Incorporating neutron star physics into gravitational wave inference with neural priors

TL;DR

The paper tackles the problem that gravitational-wave parameter estimation often relies on agnostic priors that underutilize neutron-star (NS) physics. It introduces neural priors built from NS population models and equation-of-state (EOS) constraints using normalizing flows to model joint distributions over NS masses and tidal deformabilities, enabling EOS-informed GW inference and Bayesian model selection. Applied to GW170817, GW190425, and GW230529, the approach yields clear source classifications (BNS vs NSBH) and tighter posteriors, with GW170817 favoring a soft EOS and GW230529 favoring NSBH, while distance estimates shift in ways consistent with the EOS-informed priors. This data-driven framework integrates NS physics into GW analyses, enabling more informed inferences as NS theory and observations advance, and is readily extensible to future detectors and multimessenger data.

Abstract

Bayesian inference, widely used in gravitational-wave parameter estimation, depends on the choice of priors, i.e., on our previously existing knowledge. However, to investigate neutron star mergers, priors are often chosen in an agnostic way, leaving valuable information from nuclear physics and independent observations of neutron stars unused.

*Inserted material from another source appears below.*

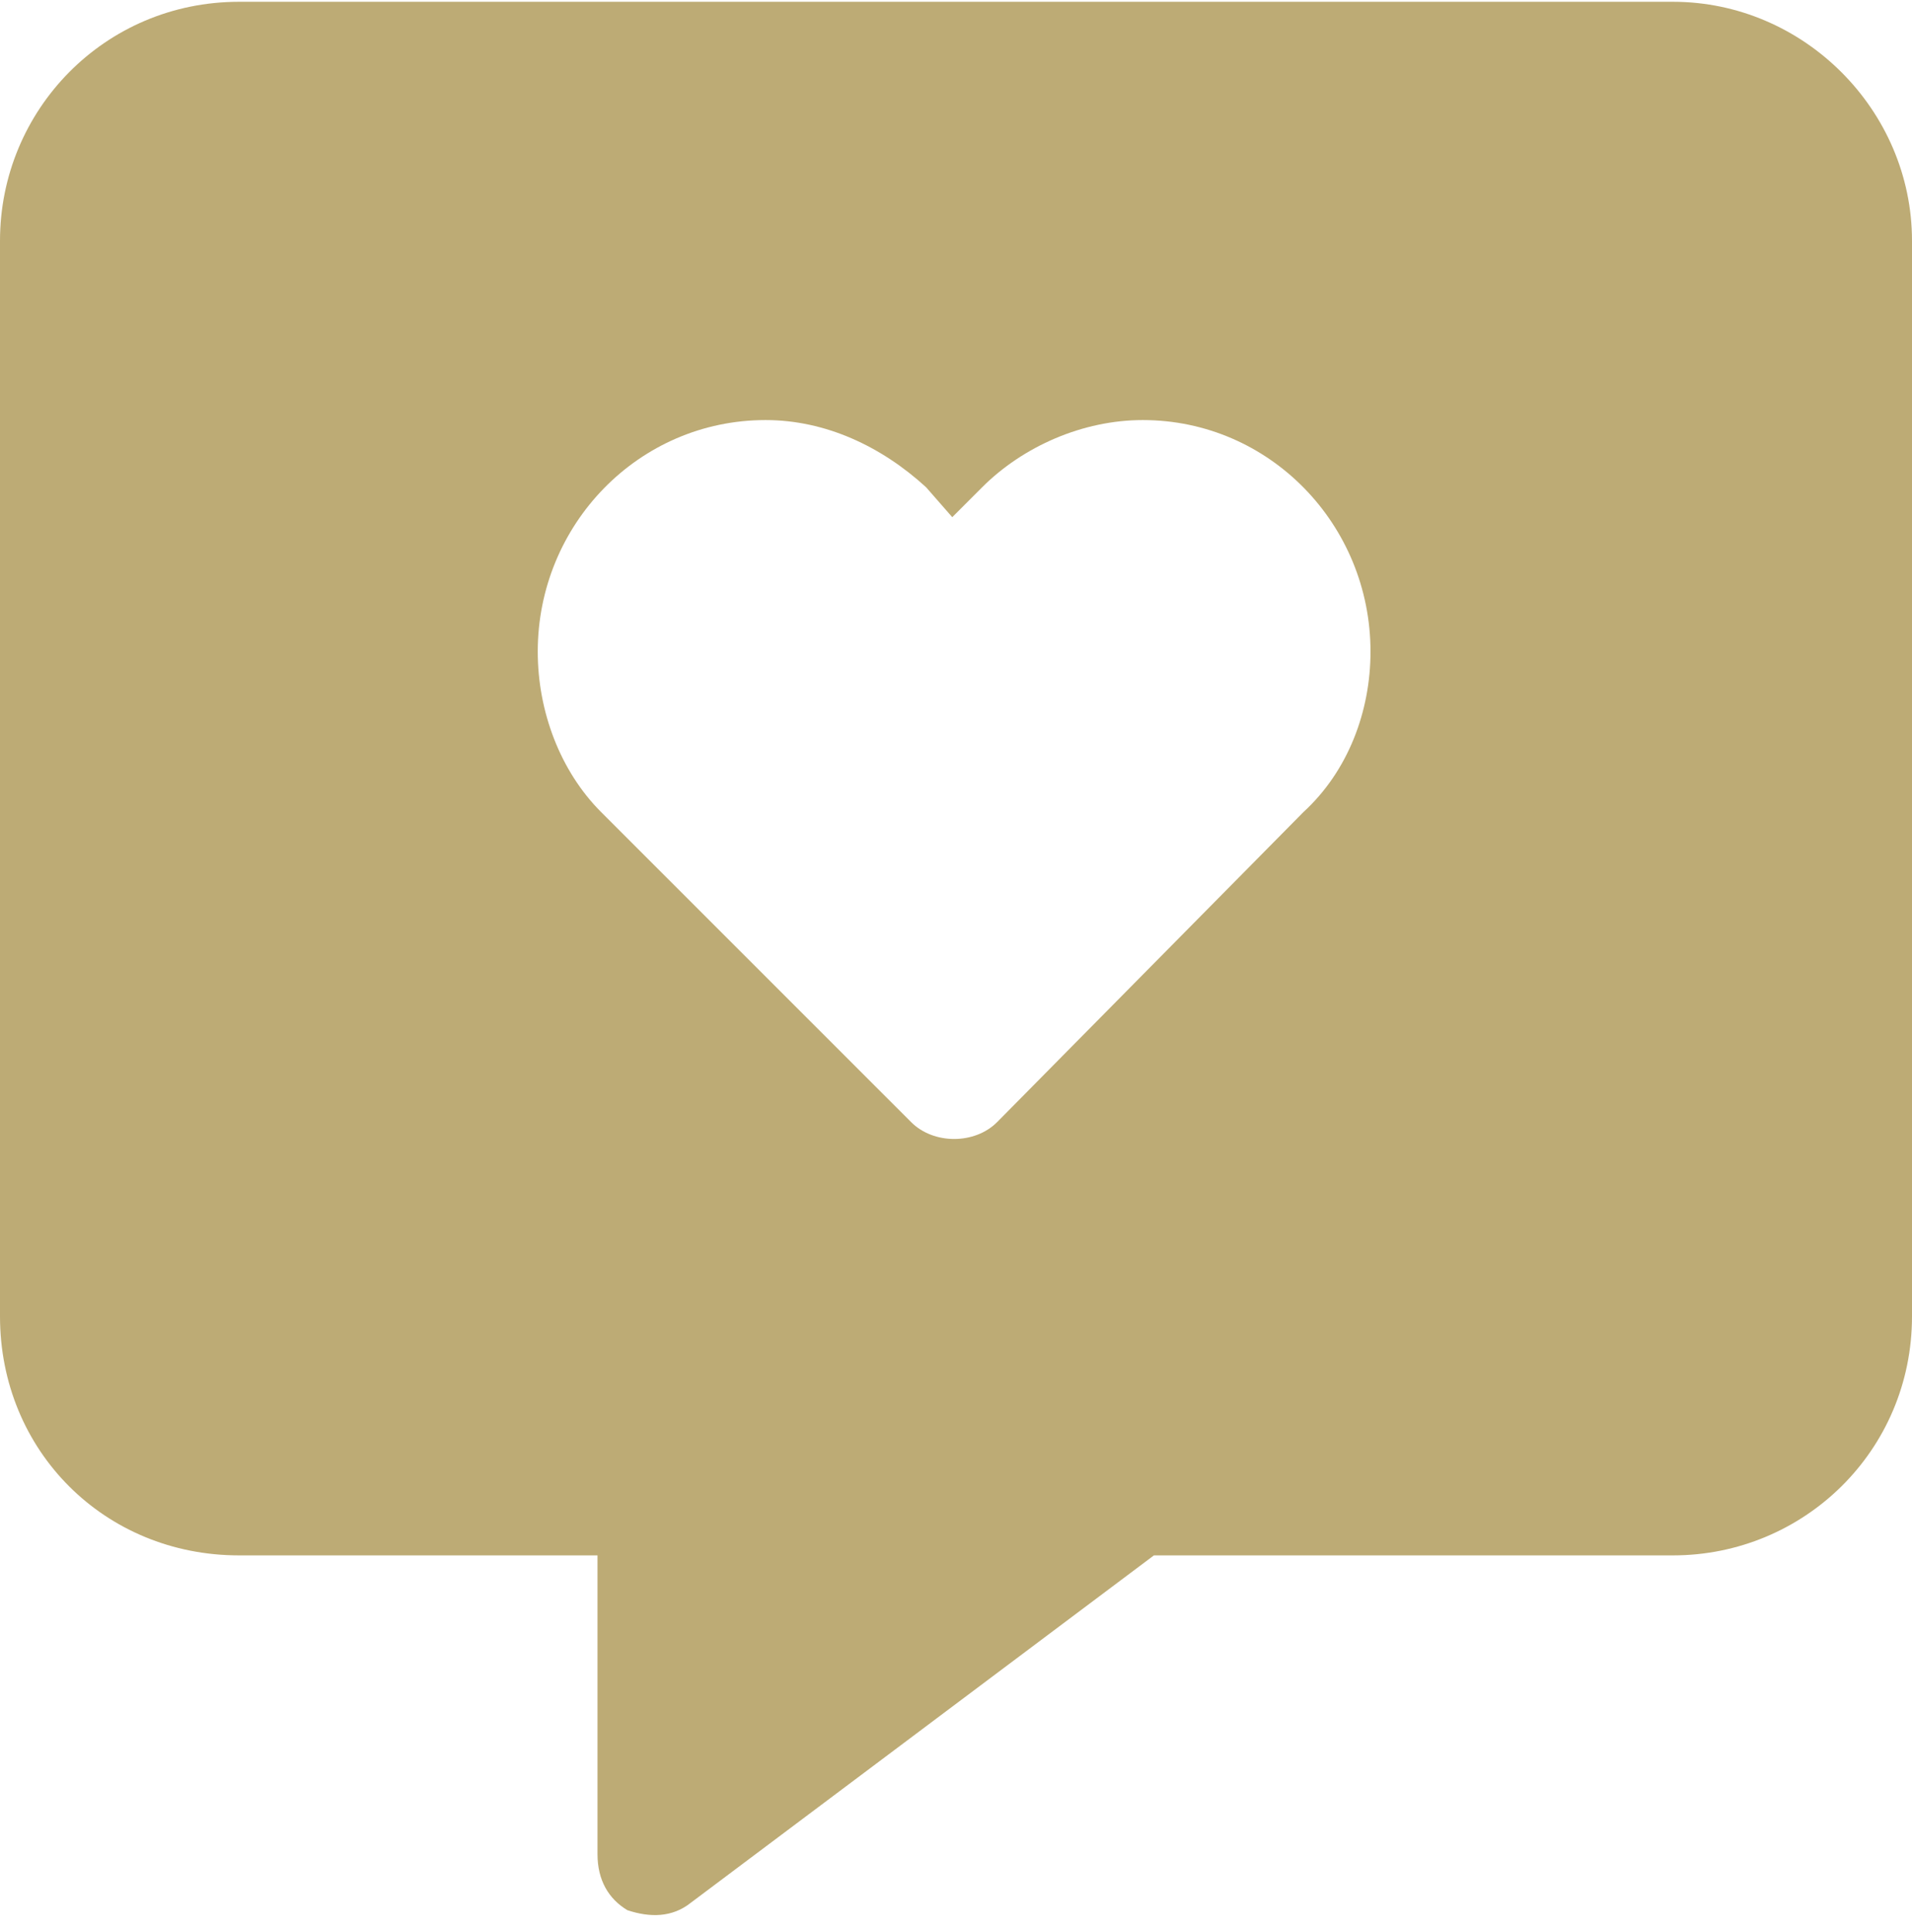<svg width="96" height="97" viewBox="0 0 96 97" fill="none" xmlns="http://www.w3.org/2000/svg">
<path d="M0 12.09C0 5.528 5.25 0.09 12 0.09H84C90.562 0.09 96 5.528 96 12.09V66.09C96 72.84 90.562 78.09 84 78.09H57.938L34.688 95.528C33.75 96.278 32.625 96.278 31.5 95.903C30.562 95.34 30 94.403 30 93.09V78.09H12C5.25 78.09 0 72.84 0 66.09V12.09ZM38.438 21.09C32.062 21.09 27 26.34 27 32.715C27 35.715 28.125 38.715 30.188 40.778L45.75 56.34C46.875 57.465 48.938 57.465 50.062 56.34L65.438 40.778C67.688 38.715 68.812 35.715 68.812 32.715C68.812 26.34 63.75 21.09 57.375 21.09C54.375 21.09 51.375 22.403 49.312 24.465L47.812 25.965L46.5 24.465C44.25 22.403 41.438 21.09 38.438 21.09Z" fill="#bdab75"/>
</svg>
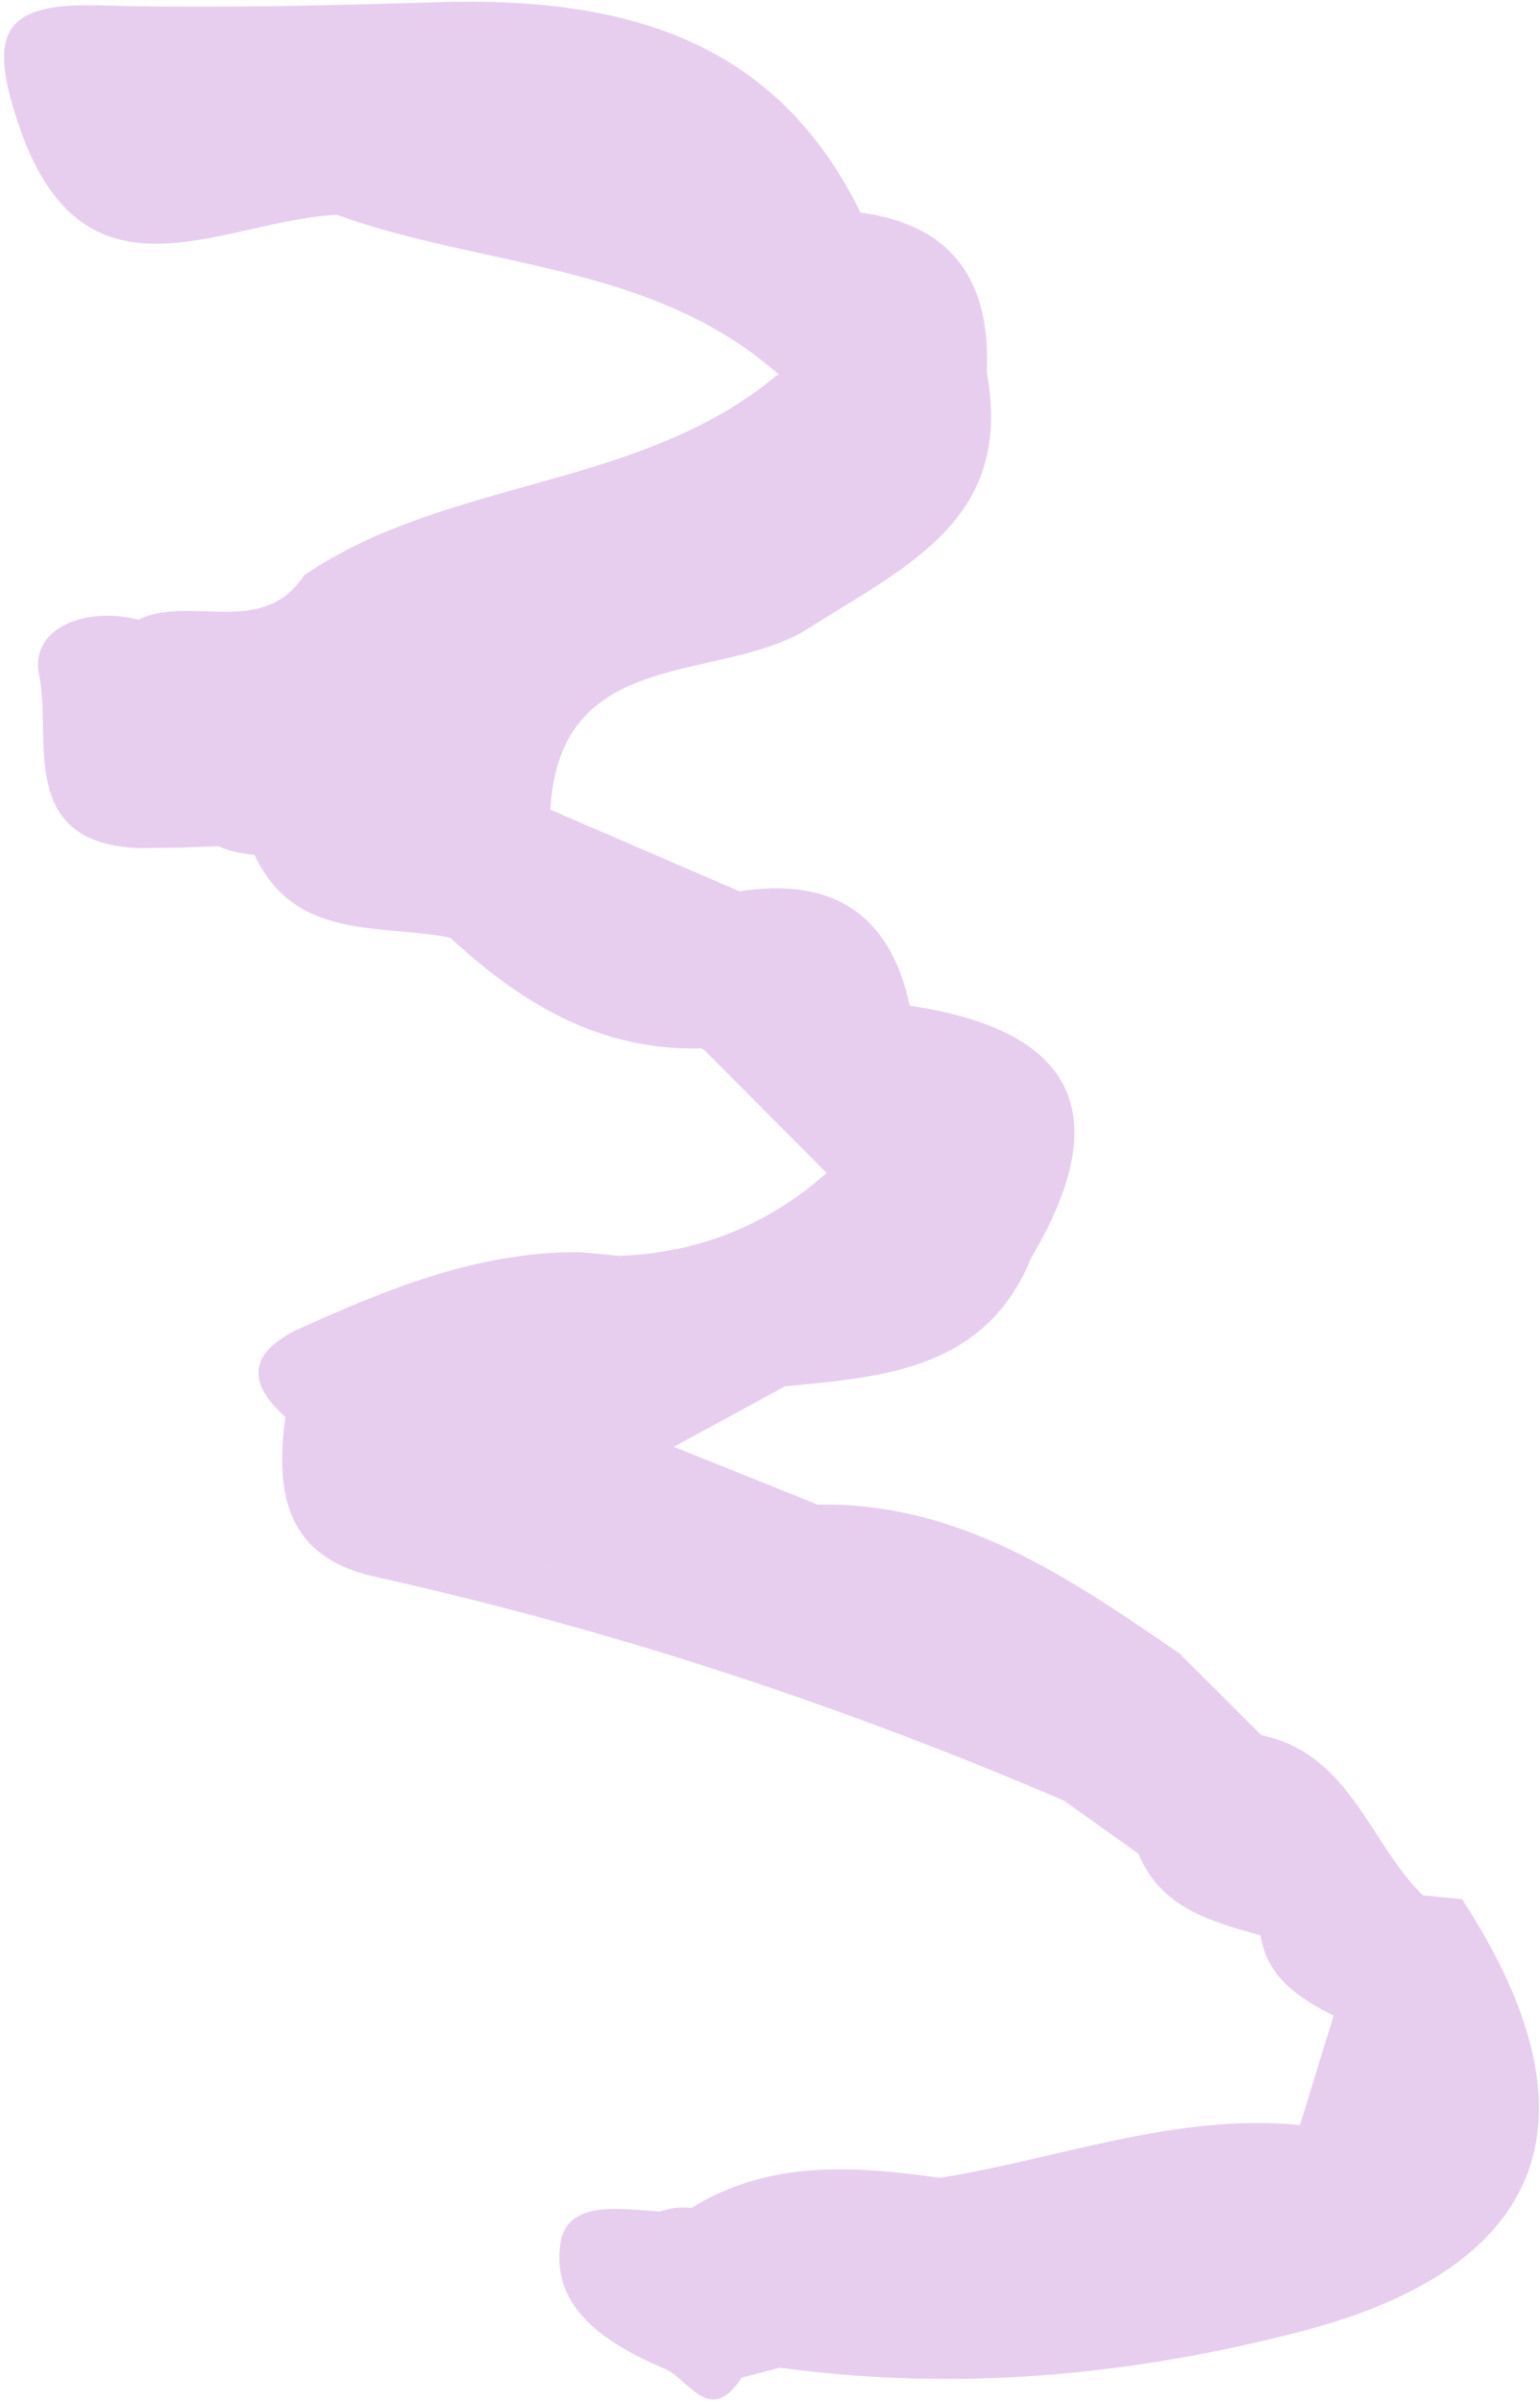 <?xml version="1.0" encoding="UTF-8"?> <svg xmlns="http://www.w3.org/2000/svg" width="315" height="491" viewBox="0 0 315 491" fill="none"><path d="M89.497 0.461C66.39 1.142 43.24 1.722 20.148 1.099C0.631 0.577 -2.492 6.594 3.697 25.155C16.922 64.815 45.137 45.036 68.901 43.919C99.088 54.809 133.653 53.751 159.416 76.676H158.95C130.909 100.153 91.716 97.558 62.216 117.583C53.618 130.59 39.021 121.498 28.293 126.675C17.52 123.905 5.944 128.372 8.002 138.058C10.674 150.703 3.317 172.352 28.248 173.367C30.978 173.338 33.708 173.324 36.437 173.295C39.152 173.193 41.867 173.077 44.582 172.976C46.962 173.976 49.458 174.571 52.042 174.745C60.275 192.32 77.513 188.869 92.081 191.667C106.561 205.095 122.691 214.868 143.433 214.317L144.105 214.694C152.425 223.061 160.76 231.428 169.08 239.781C156.993 250.482 142.879 256.123 126.705 256.718C123.961 256.457 121.216 256.21 118.472 255.964C97.511 255.877 78.769 263.649 60.201 272.088C50.611 277.033 50.844 282.978 58.391 289.678C56.216 305.353 58.523 318.505 77.148 322.42C125.435 333.194 172.204 348.58 217.615 368.083C222.694 371.694 227.76 375.319 232.839 378.93C237.423 390.023 247.656 392.792 257.83 395.635C259.216 404.349 265.727 408.439 272.791 412.035C270.5 419.488 268.193 426.956 265.901 434.409C240.459 431.915 216.768 441.269 192.275 445.198C174.787 442.777 157.432 441.443 141.462 451.347C139.244 451.1 137.083 451.347 134.967 452.101C135.55 457.466 136.134 462.846 136.733 468.211C136.149 462.831 135.565 457.466 134.967 452.101C127.07 451.593 115.815 449.534 114.589 458.8C112.823 472.068 124.15 479.101 135.507 484.06C140.776 485.786 144.937 496.386 151.71 486.047C154.308 485.365 156.906 484.698 159.504 484.002C195.588 488.933 231.073 485.713 266.179 476.578C316.713 463.426 328.143 432.829 299.051 388.225C296.365 387.964 293.694 387.703 291.023 387.442C279.973 376.566 276.149 358.527 258.019 354.714C252.414 349.131 246.809 343.548 241.203 337.951C218.739 322.58 196.347 307.05 167.255 307.572C157.446 303.642 147.622 299.698 137.813 295.754C145.404 291.635 152.994 287.517 160.57 283.399C180.991 281.456 201.631 279.919 210.973 257.051C228.825 226.89 218.958 210.504 186.1 205.588C182.027 186.81 170.263 179.24 151.272 182.213C138.383 176.645 125.479 171.091 112.59 165.522C114.371 131.663 147.374 139.842 165.314 128.488C186.114 115.321 207.324 105.924 201.85 76.082C202.638 57.869 195.252 46.036 176.013 43.455C158.22 7.131 126.208 -0.641 89.468 0.446M118.925 296.798C113.217 302.395 107.51 307.992 101.803 313.575C110.211 322.319 121.508 322.739 132.354 324.624C121.508 322.739 110.196 322.319 101.803 313.575C93.614 312.85 85.425 312.125 77.222 311.414C85.41 312.14 93.599 312.865 101.803 313.575C107.51 307.978 113.217 302.38 118.925 296.798Z" fill="#E7CEEF"></path></svg>

In this work, we propose to encode information on neutron star physics into data-driven prior distributions constructed with normalizing flows, referred to as neural priors. These priors take input from constraints on the nuclear equation of state and neutron star population models. Applied to GW170817, GW190425, and GW230529, we highlight two contributions of the framework. First, we demonstrate its ability to provide source classification and to enable model selection of equation of state constraints for loud signals such as GW170817, directly from the gravitational-wave data. Second, we obtain narrower constraints on the source properties through these informed priors. As a result, the neural priors consistently recover higher luminosity distances compared to agnostic priors. Our method paves the way for classifying future ambiguous low-mass mergers observed through gravitational waves and for continuously incorporating advances in our understanding of neutron star properties into gravitational-wave data analysis.

Figures (7)

• Figure 1: Schematic overview of the neural priors. For both BNS and NSBH binaries (left column), a training dataset of masses and tidal deformabilities is generated, where the former are obtained by assuming a specific NS population (middle panel) and the latter from a set of EOS constraints (right panel). A normalizing flow (NF) is trained on these samples to render their distribution tractable. The learned densities are used as priors, which we refer to as neural priors. Further details are given in Sec. \ref{['sec: methods: neural priors construction details']}.
• Figure 2: Neural priors on source-frame masses and tidal deformabilities considered in this work. The top row (bottom row) shows the priors for BNS (NSBH) systems, while the columns show different population models and the colors denote the EOS constraints. The contour lines show the $68\%$ and $95\%$ probability areas of the distributions.
• Figure 3: Histograms of the log-likelihood values of the posterior samples obtained with the uninformed prior (gray) and the neural priors (colors). For each GW event, we only show the results for the preferred NS population model.
• Figure 4: Inference results of some selected parameters for GW170817 using the BNS hypothesis with the Gaussian population model and varying EOS constraints (colors) compared to the inference using uninformed priors (in gray). The star indicates the reference model with the highest evidence across the different neural priors. The dark (light) contours denote the $68\%$ ($95\%$) credible area.
• Figure 5: Inference results of some selected parameters for GW190425 using the BNS hypothesis with the uniform population model and varying EOS constraints (colors) compared to the inference using uninformed priors (in gray). The star indicates the reference model with the highest evidence across the different neural priors. The dark (light) contours denote the $68\%$ ($95\%$) credible area.